Question 16 from the first paper of 2007 was the only ever question in the recent CICM history which asked about magnesium disturbance. The candidates were invited to "write a short note on hypomagnesemia". No short notes on hypermagnesemia were ever asked about, which is unfortunate (because magnesium overdose is much more interesting). Because of how interesting it is, it has been granted an excess of attention by the author, and certainly more than would be expected for a topic which has never appeared in the CICM fellowship exam.

As far as literature goes, there is not much out there. Oh's Manual dedicates a paragraph each to both high and low magnesium levels, with a Blue Box (93.7, p. 957) describing the causes of hypomagnesemia. For hypermagnesemia, there is even less material, and most of it from the 1960s and 1970s when people routinely overdosed on magnesium-based "cathartics" (apparently this still happens, but is no longer as common). The best single reference one can be pointed to is the UpToDate article on the causes of hypermagnesemia, by Yu et al. Another excellent resource is the 2003 article by Swaminanthan.

Causes of Hypermagnesemia

Increased intake

  • Magnesium infusion
  • Massive oral ingestion
  • Unregulated absorption (eg. with peptic ulcer)
  • Milk-alkali syndrome

Compartment shift or leak

  • Tumour lysis syndrome
  • Rhabdomyolysis
  • Acidosis (shift out of cells)

Decreased loss

  • Renal failure
  • Primary hyperparathyroidism (reabsorption in the tubule)
  • Lithium therapy
  • Hypoadrenalism
  • Familial hypocalciuric hypercalcemia

Exogenous sources of magnesium have historically included antacids, laxatives and enemas. Rectal absorption must be pretty good, because people have overdosed near-fatally in this way (particularly if the mucosa is broken, eg. in the context of ulcerative colitis). Similarly, the normally well-regulated gastrointestinal uptake mechanisms can be overwhelmed by massive concentration (eg. in the context of intentional overdose of magnesium supplements) or  bypassed altogether (as in the presence of gastric ulcers).
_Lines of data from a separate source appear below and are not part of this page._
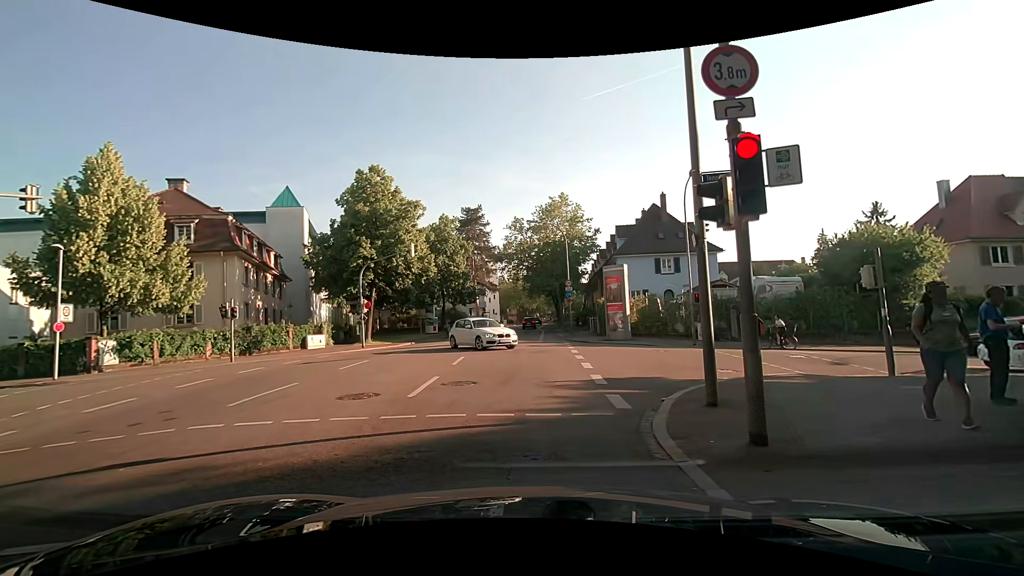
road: secondary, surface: asphalt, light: Day
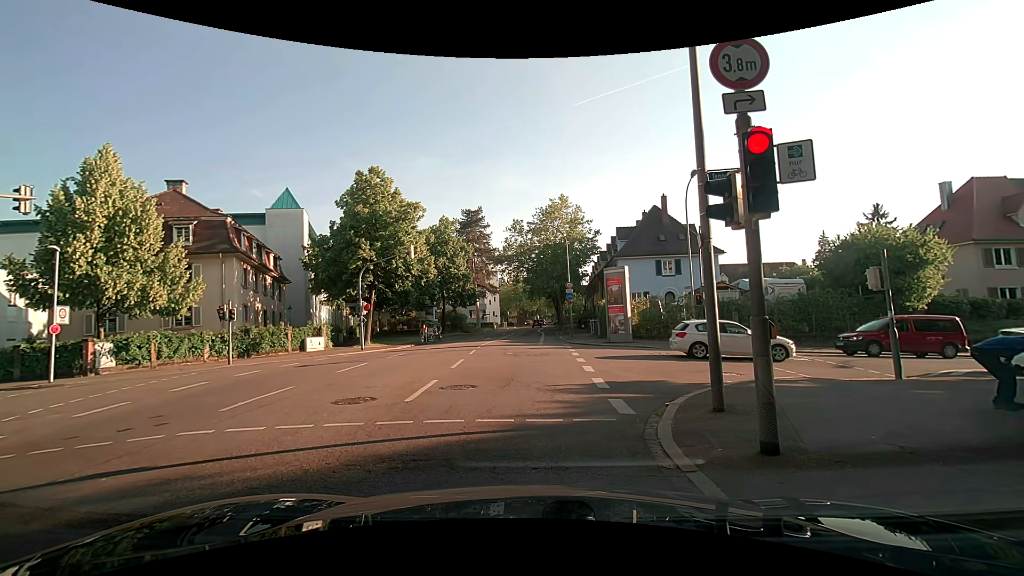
(0.0, +0.3) m; 0°
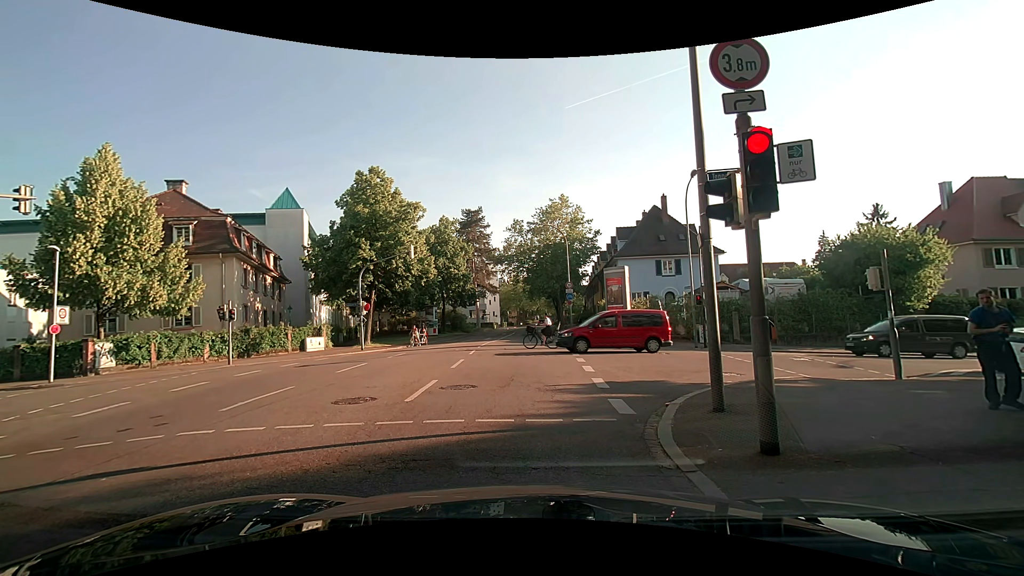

Clinical Features of Hypermagnesemia,
According to Serum Levels

Serum magnesium level Physiological effects
1.8-2.0 mmol/L Antiarrhythmic effects
Inhibition of parathyroid hormone secretion
Hypocalcemia
Ileus
2.0-4.0mmol/L Hyporeflexia
Muscle weakness
Nausea
Flushing
Headache
Lethargy, somonolence
4.0-6.0mmol/L Respiratory failure
Hypotension
Bradycardia
Decreased level of consciousness
Bladder paralysis
6.0-10.0mmol/L Apnoea
"Pseudocoma" ... or actual coma
Parasympathetic blockade
Complete heart block
Cardiac arrest (asystole)
Over 10mmol/L Limits of the survivable
 

This list of clinical features was constructed using the UpToDate article and the 2003 Swaminathan paper. Highest ever reported magnesium levels are apparently 18 mmol/L in a 33 week premature infant, and 13.4 mmol/L in a 78 year old woman who swallowed water from the Dead Sea. Apparently, the Dead Sea is an amazing source of magnesium, and swallowing even a small amount of water there is an effective way of becoming a magnesium-enriched corpse. In a case series by Oren et al (1987), the three patients were rescued from death only by the accompanying hypercalcemia and a rapid transition to dialysis.

Management of a dangerously high serum magnesium

This not being a commonplace thing, ion exchange resins have not been developed, though potentially any cation exchange resin should  be able to extract magnesium. In response to mildly elevated magnesium in the setting of normal renal function, one merely has to wait a while, and the concentration will normalise (the system is rapidly self-correcting). As an example, here is a 24-hour trend in serum magnesium of a peripartum patient who was accidentally infused with 150mmol of the pre-mixed solution:

rate of magnesium clearance in a patient with normal renal function

As is plainly seen, renal clearance is so rapid that the concentration falls rapidly even from extremely toxic levels. However, in renal failure patients this is not going to happen, and alternative measures must be taken.

  • IV calcium as an antagonist to the ill effects of magnesium
  • Insulin and glucose to promote magnesium entry into cells
  • Haemodialysis

References

Kutsal, Ebru, et al. "Severe hypermagnesemia as a result of excessive cathartic ingestion in a child without renal failure." Pediatric emergency care 23.8 (2007): 570-572.

Chakraborti, Sajal, et al. "Protective role of magnesium in cardiovascular diseases: a review." Molecular and cellular biochemistry 238.1-2 (2002): 163-179.

Swaminathan, R. "Magnesium metabolism and its disorders." The Clinical Biochemist Reviews 24.2 (2003): 47.

Oren, S., et al. "Extreme hypermagnesemia due to ingestion of Dead Sea water." Nephron 47.3 (1987): 199-201.